The lookup in the TTM will prefer an LDP tunnel over an LDP-over-RSVP tunnel if both are available. The tunneling operates on the data plane only. Control packets of this targeted LDP session are sent over the IGP path.
Supported on all 7210 SAS platforms as described in this document.
This command enables the context to configure peer-specific parameters.
Supported on all 7210 SAS platforms as described in this document.
This command configures parameters for an LDP peer.
Supported on all 7210 SAS platforms as described in this document.
This command provides a means for an LDP router to advertise only the local IPv4 or IPv6 interfaces it uses to establish hello adjacencies with an LDP peer. By default, when a router establishes an LDP session with a peer, it advertises in an LDP Address message the addresses of all local interfaces to allow the peer to resolve LDP FECs distributed by this router. Similarly, a router sends a Withdraw Address message to all its peers to withdraw a local address if the corresponding interface went down or was deleted.
This new option reduces CPU processing when a large number of LDP neighbors come up or go down. The new CLI option is strongly recommended in mobile backhaul networks where the number of LDP peers can be large.
The no form of this command reverts LDP to the default behavior of advertising all local interfaces.
no adv-adj-addr-only
Supported on all 7210 SAS platforms as described in this document.

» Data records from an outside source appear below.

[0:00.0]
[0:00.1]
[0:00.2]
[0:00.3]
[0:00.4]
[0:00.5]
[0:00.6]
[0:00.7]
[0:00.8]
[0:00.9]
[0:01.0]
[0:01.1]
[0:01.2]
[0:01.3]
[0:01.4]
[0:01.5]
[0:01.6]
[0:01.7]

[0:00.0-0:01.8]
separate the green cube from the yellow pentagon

This command enables the use of the LDP Downstream-on-Demand (DoD) label distribution procedures.
When this option is enabled, LDP sets the A-bit in the Label Initialization message when the LDP session to the peer is established. When both peers set the A-bit, they will both use the DoD label distribution method over the LDP session (RFC 5036).
This feature can only be enabled on a link-level LDP session and therefore applies to prefix labels only, not service labels.

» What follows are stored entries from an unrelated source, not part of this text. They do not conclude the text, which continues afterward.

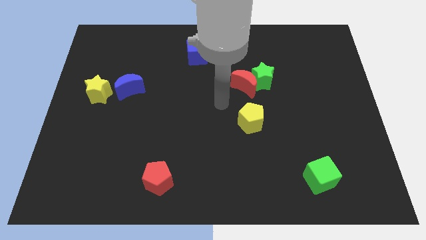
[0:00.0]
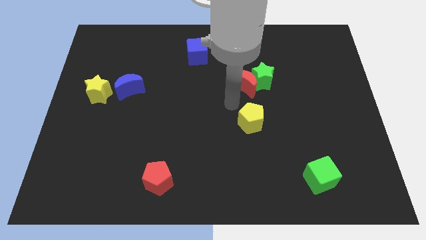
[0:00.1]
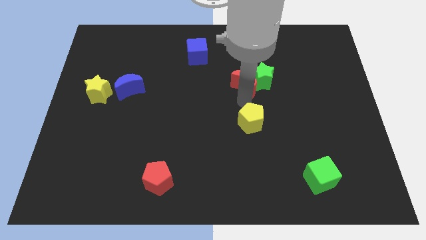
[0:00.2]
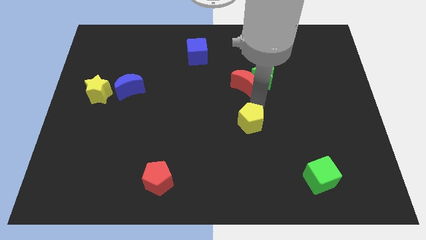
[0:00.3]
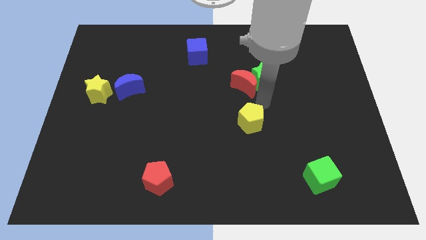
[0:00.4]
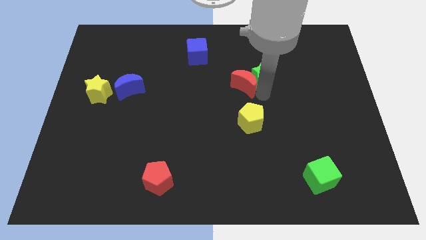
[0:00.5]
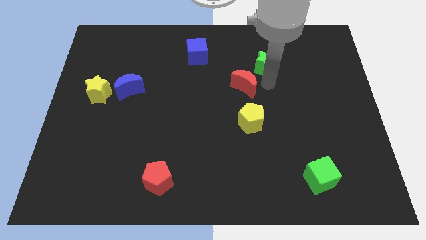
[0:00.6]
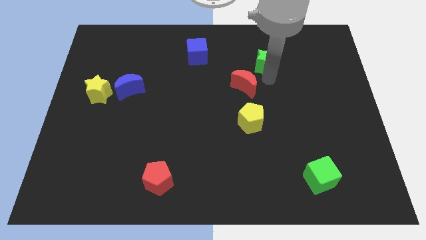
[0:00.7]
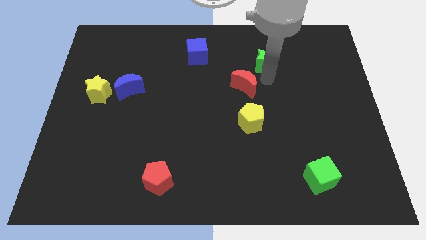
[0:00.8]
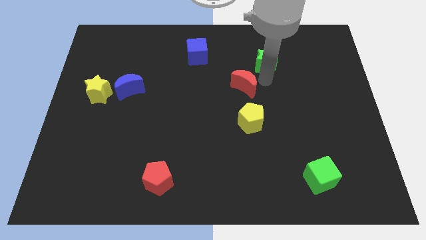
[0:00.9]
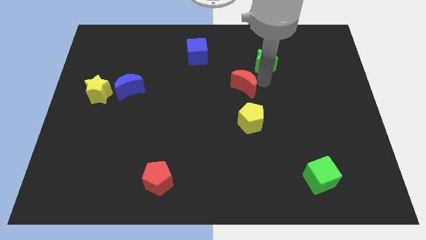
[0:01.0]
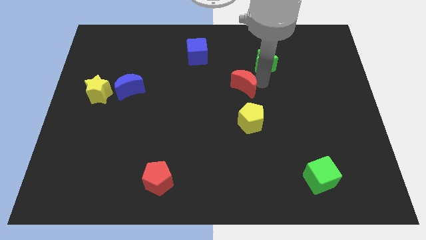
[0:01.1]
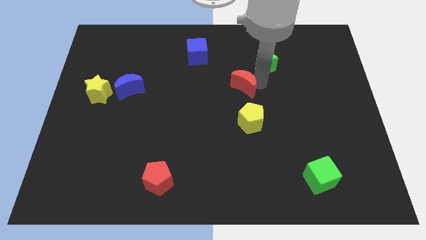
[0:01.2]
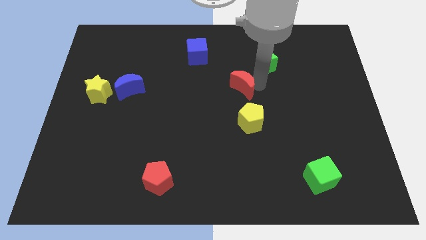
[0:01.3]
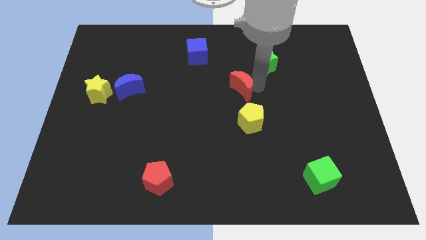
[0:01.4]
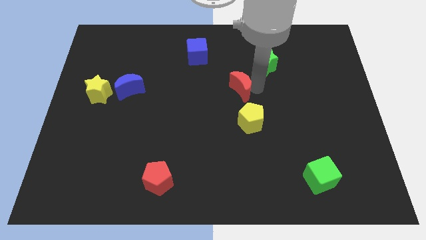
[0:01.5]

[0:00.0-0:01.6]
pull the red moon apart from the green star

As soon as the link LDP session comes up, the router sends a label request to its DoD peer for the FEC prefix corresponding to the peer LSR ID. The DoD peer LSR ID is found in the basic Hello discovery messages the peer used to establish the Hello adjacency with the router.
Similarly, if the router and the directly attached DoD peer enters into extended discovery and established a targeted LDP session, the router immediately sends a label request for the FEC prefix corresponding to the peer LSR ID found in the extended discovery messages.

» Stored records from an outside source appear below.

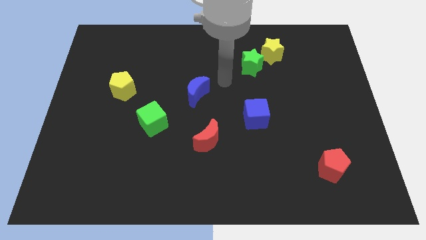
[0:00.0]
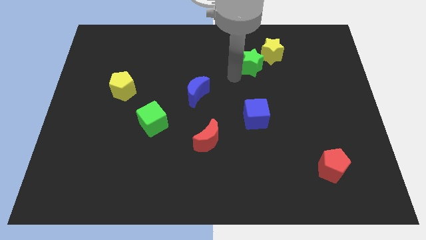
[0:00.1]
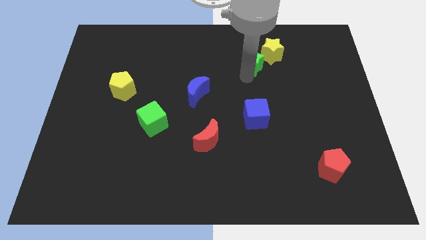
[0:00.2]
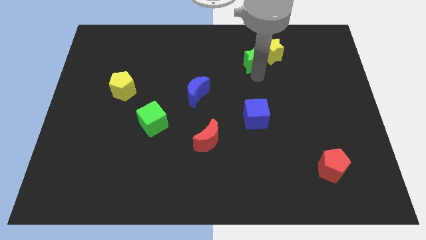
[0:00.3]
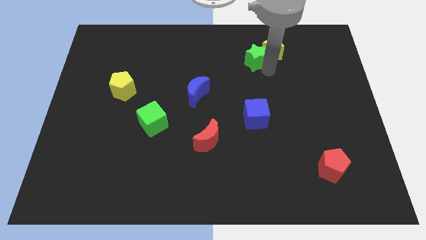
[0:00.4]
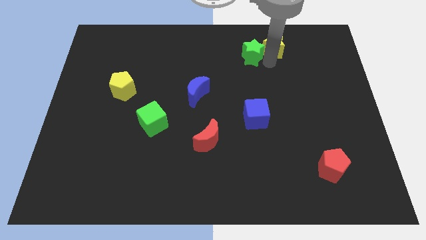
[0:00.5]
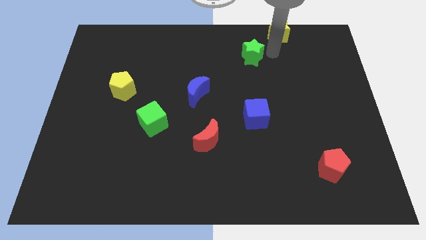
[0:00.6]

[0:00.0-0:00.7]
move the green star away from the yellow star

However, the router will not advertise any <FEC, label> bindings, including the FEC of its own LSR-id, unless the DoD peer requested it using a Label Request Message.
When the DoD peer sends a label request for any FEC prefix, the router replies with a <FEC, label> binding for that prefix if the FEC was already activated on the router. If not, the router replies with a notification message containing the status code of “no route.” The router will not attempt in the latter case to send a label request to the next-hop for the FEC prefix when the LDP session to this next-hop uses the DoD label distribution mode, hence the reference to single-hop LDP DoD procedures.
As soon as the link LDP session comes up, the router sends a label request to its DoD peer for the FEC prefix corresponding to the peer LSR ID. The DoD peer LSR ID is found in the basic Hello discovery messages the peer used to establish the Hello adjacency with the router.
Similarly, if the router and the directly attached DoD peer enter into extended discovery and established a targeted LDP session, the router immediately sends a label request for the FEC prefix corresponding to the peer LSR ID found in the extended discovery messages. The peer address must be the peer LSR ID address.
The no form of this command disables the DoD label distribution with an LDP neighbor.
no dod-label-distribution
Supported on all 7210 SAS platforms as described in this document.
This command specifies the export prefix policy to local addresses advertised to this peer.
Policies are configured in the config>router>policy-options context. A maximum of five policy names can be specified.
The no form of this command removes the policy from the configuration.
no export-addresses
Supported on all 7210 SAS platforms as described in this document.
This command specifies the export route policy used to determine which prefixes received from other LDP and T-LDP peers are redistributed to this LDP peer via the LDP/T-LDP session to this peer. A prefix that is filtered out (deny) will not be exported. A prefix that is filtered in (accept) will be exported.
If no export policy is specified, all FEC prefixes learned will be exported to this LDP peer. This policy is applied in addition to the global LDP policy and targeted session policy.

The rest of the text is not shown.